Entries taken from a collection
╔══

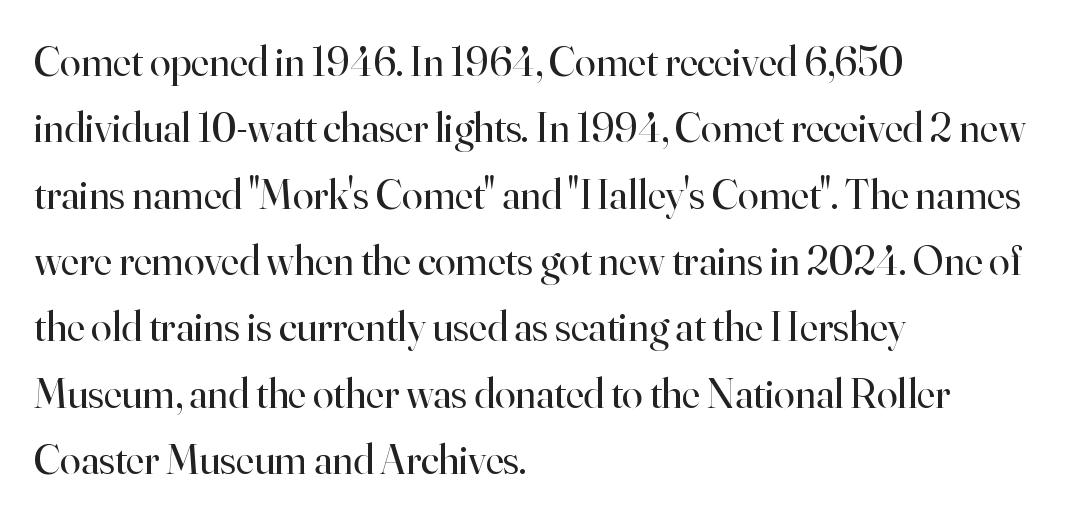
Examine the stroke ends and you'll spot serifs. The face used here is proportionally spaced, like ordinary book or web type. Bare-footed words on every line. These lines sit exactly where default settings would place them.
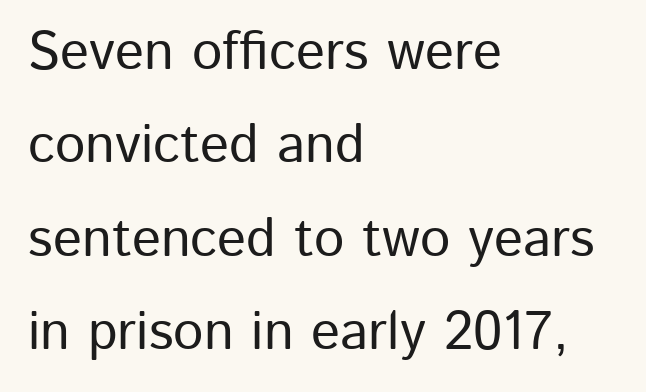
{"serif": "no", "italic": "no", "width": "normal", "stroke_contrast": "low", "x_height": "medium", "monospaced": "no", "underline": "no", "align": "left", "line_spacing_ratio": 1.73, "letter_spacing": "normal", "letter_spacing_em": 0.0, "glyph_px": 54}
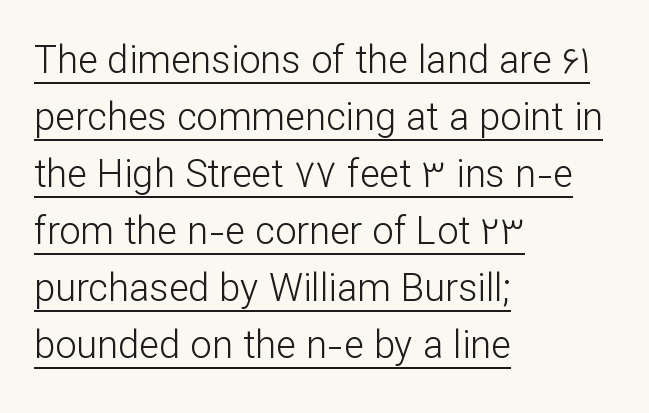
Q: Is the text bold? A: No.
Q: Is the text italic (slanted)? A: No, it is upright.
Q: Is the typeface a serif or a sans-serif typeface? A: Sans-serif.
Q: Is the text underlined? A: Yes.
Q: How is the paragraph aligned? A: Left-aligned.
Q: Is the spacing between letters normal or unusually wide? A: Normal.
Q: Is the spacing between lines tight, normal or loose? A: Normal.
Q: Width (condensed, normal, or wide)? A: Normal.
Q: Stroke contrast? A: Low.
Q: x-height? A: Medium.
Q: Monospaced? A: No.
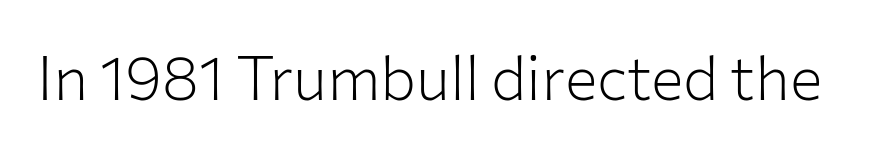
The image shows 61 px light sans-serif type, upright; set normal letter spacing, not underlined; low stroke contrast and a medium x-height.
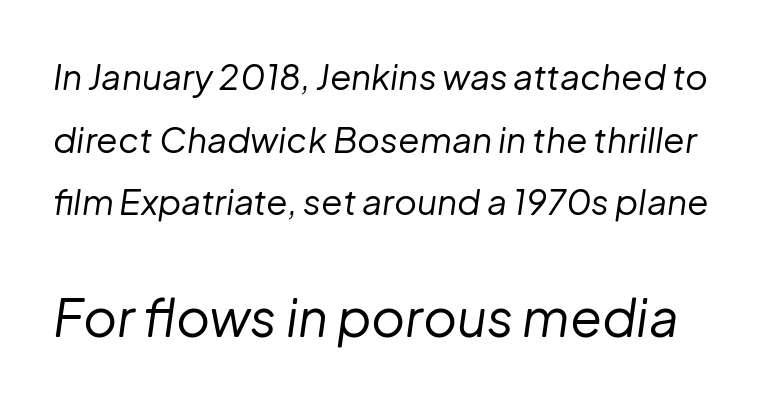
{"italic": "yes", "lean": "right", "slant_degrees": 8, "bold": "no", "weight": "regular", "width": "normal", "stroke_contrast": "low", "x_height": "medium", "monospaced": "no", "underline": "no", "line_spacing_ratio": 1.79, "letter_spacing": "normal", "letter_spacing_em": 0.0, "larger_block": "second", "size_ratio": 1.49, "glyph_px": 52}
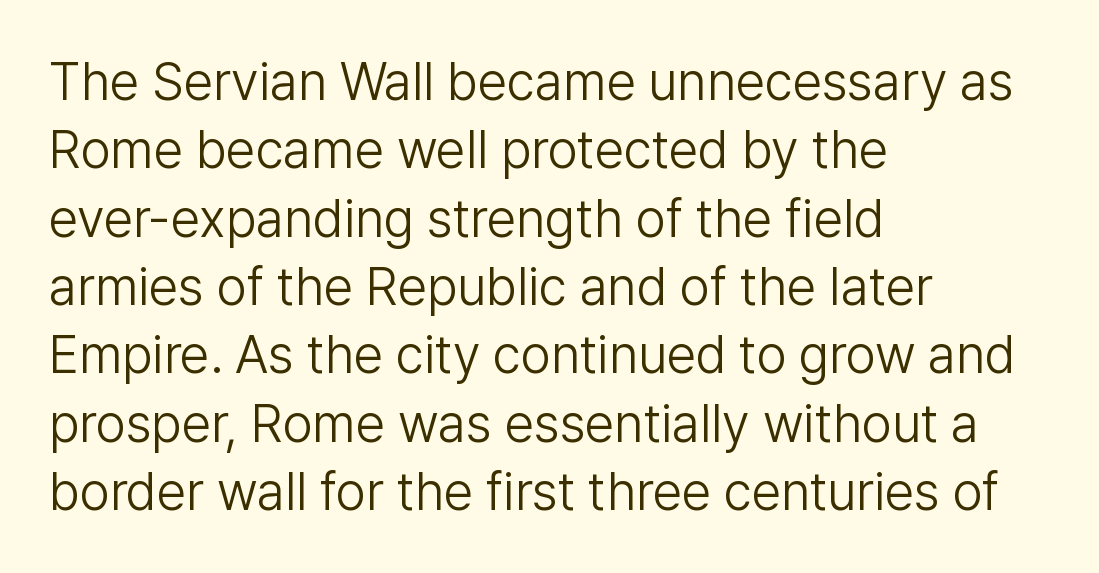
{"serif": "no", "italic": "no", "bold": "no", "weight": "light", "width": "normal", "stroke_contrast": "low", "x_height": "medium", "monospaced": "no", "underline": "no", "align": "left", "line_spacing": "normal", "line_spacing_ratio": 1.29, "letter_spacing": "normal", "letter_spacing_em": 0.0, "glyph_px": 53}
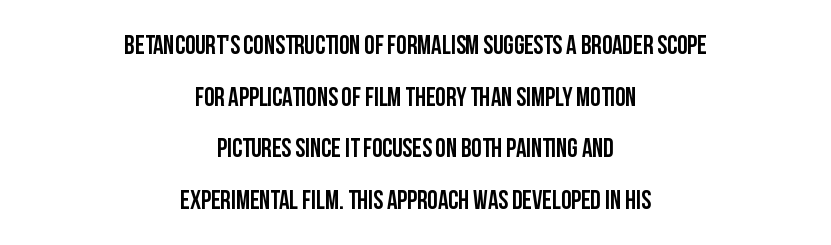
{"italic": "no", "underline": "no", "align": "center", "line_spacing": "loose", "line_spacing_ratio": 1.99, "letter_spacing": "normal", "letter_spacing_em": 0.0, "glyph_px": 26}
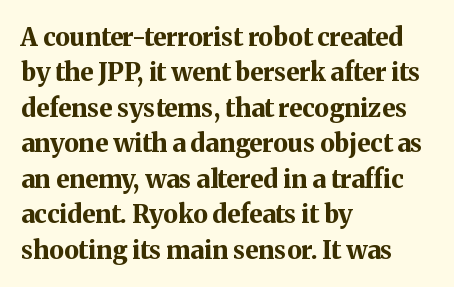
The image shows 25 px bold type, upright; set left-aligned, normal line spacing (1.42x), normal letter spacing, not underlined.
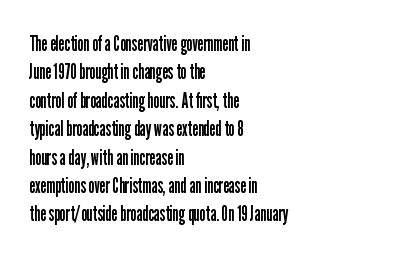
Rule under the text: the space is simply empty. Honestly, the letter spacing is just normal — you wouldn't notice it. The font's upright variant was chosen for this text. The strokes are not fattened; the text isn't bold. Layout note: lines flush left. The designer left line spacing at the default.
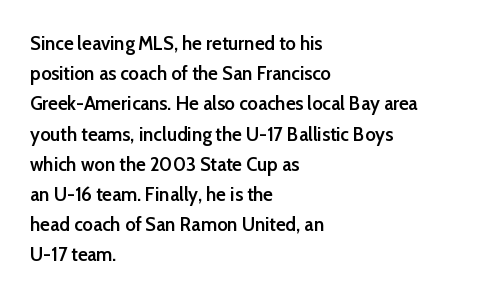
{"italic": "no", "bold": "semi", "underline": "no", "align": "left", "line_spacing": "normal", "line_spacing_ratio": 1.51, "letter_spacing": "normal", "letter_spacing_em": 0.0, "glyph_px": 20}
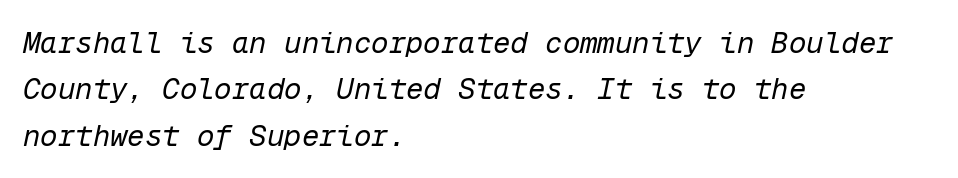
The rendering keeps characters at their native spacing. The passage shown leans; its letterforms are oblique. Words float on clear page, feet unadorned. Normally led — the rows are evenly, conventionally spaced. Reading down the block, your eye returns to a fixed left position each line.
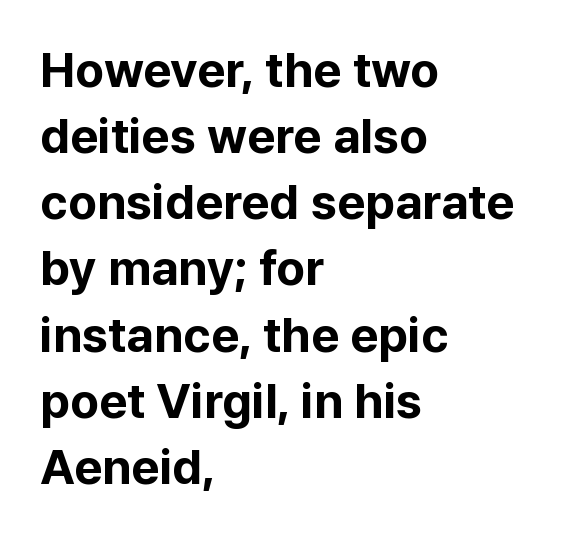
Q: Is the text bold? A: Yes.
Q: Is the text italic (slanted)? A: No, it is upright.
Q: Is the typeface a serif or a sans-serif typeface? A: Sans-serif.
Q: Is the text underlined? A: No.
Q: How is the paragraph aligned? A: Left-aligned.
Q: Is the spacing between letters normal or unusually wide? A: Normal.
Q: Is the spacing between lines tight, normal or loose? A: Normal.
Q: Width (condensed, normal, or wide)? A: Normal.
Q: Stroke contrast? A: Low.
Q: x-height? A: Medium.
Q: Monospaced? A: No.

╚══

• Problem details
An exact copy of the records above is needed, free of pictures.

• Task response
Examine the stroke ends and you'll spot serifs. The face used here is proportionally spaced, like ordinary book or web type. Bare-footed words on every line. These lines sit exactly where default settings would place them.
{"serif": "no", "italic": "no", "width": "normal", "stroke_contrast": "low", "x_height": "medium", "monospaced": "no", "underline": "no", "align": "left", "line_spacing_ratio": 1.73, "letter_spacing": "normal", "letter_spacing_em": 0.0, "glyph_px": 54}
Q: Is the text bold? A: No.
Q: Is the text italic (slanted)? A: No, it is upright.
Q: Is the typeface a serif or a sans-serif typeface? A: Sans-serif.
Q: Is the text underlined? A: Yes.
Q: How is the paragraph aligned? A: Left-aligned.
Q: Is the spacing between letters normal or unusually wide? A: Normal.
Q: Is the spacing between lines tight, normal or loose? A: Normal.
Q: Width (condensed, normal, or wide)? A: Normal.
Q: Stroke contrast? A: Low.
Q: x-height? A: Medium.
Q: Monospaced? A: No.
The image shows 61 px light sans-serif type, upright; set normal letter spacing, not underlined; low stroke contrast and a medium x-height.
{"italic": "yes", "lean": "right", "slant_degrees": 8, "bold": "no", "weight": "regular", "width": "normal", "stroke_contrast": "low", "x_height": "medium", "monospaced": "no", "underline": "no", "line_spacing_ratio": 1.79, "letter_spacing": "normal", "letter_spacing_em": 0.0, "larger_block": "second", "size_ratio": 1.49, "glyph_px": 52}
{"serif": "no", "italic": "no", "bold": "no", "weight": "light", "width": "normal", "stroke_contrast": "low", "x_height": "medium", "monospaced": "no", "underline": "no", "align": "left", "line_spacing": "normal", "line_spacing_ratio": 1.29, "letter_spacing": "normal", "letter_spacing_em": 0.0, "glyph_px": 53}
{"italic": "no", "underline": "no", "align": "center", "line_spacing": "loose", "line_spacing_ratio": 1.99, "letter_spacing": "normal", "letter_spacing_em": 0.0, "glyph_px": 26}
The image shows 25 px bold type, upright; set left-aligned, normal line spacing (1.42x), normal letter spacing, not underlined.
Rule under the text: the space is simply empty. Honestly, the letter spacing is just normal — you wouldn't notice it. The font's upright variant was chosen for this text. The strokes are not fattened; the text isn't bold. Layout note: lines flush left. The designer left line spacing at the default.
{"italic": "no", "bold": "semi", "underline": "no", "align": "left", "line_spacing": "normal", "line_spacing_ratio": 1.51, "letter_spacing": "normal", "letter_spacing_em": 0.0, "glyph_px": 20}
The rendering keeps characters at their native spacing. The passage shown leans; its letterforms are oblique. Words float on clear page, feet unadorned. Normally led — the rows are evenly, conventionally spaced. Reading down the block, your eye returns to a fixed left position each line.
Q: Is the text bold? A: Yes.
Q: Is the text italic (slanted)? A: No, it is upright.
Q: Is the typeface a serif or a sans-serif typeface? A: Sans-serif.
Q: Is the text underlined? A: No.
Q: How is the paragraph aligned? A: Left-aligned.
Q: Is the spacing between letters normal or unusually wide? A: Normal.
Q: Is the spacing between lines tight, normal or loose? A: Normal.
Q: Width (condensed, normal, or wide)? A: Normal.
Q: Stroke contrast? A: Low.
Q: x-height? A: Medium.
Q: Monospaced? A: No.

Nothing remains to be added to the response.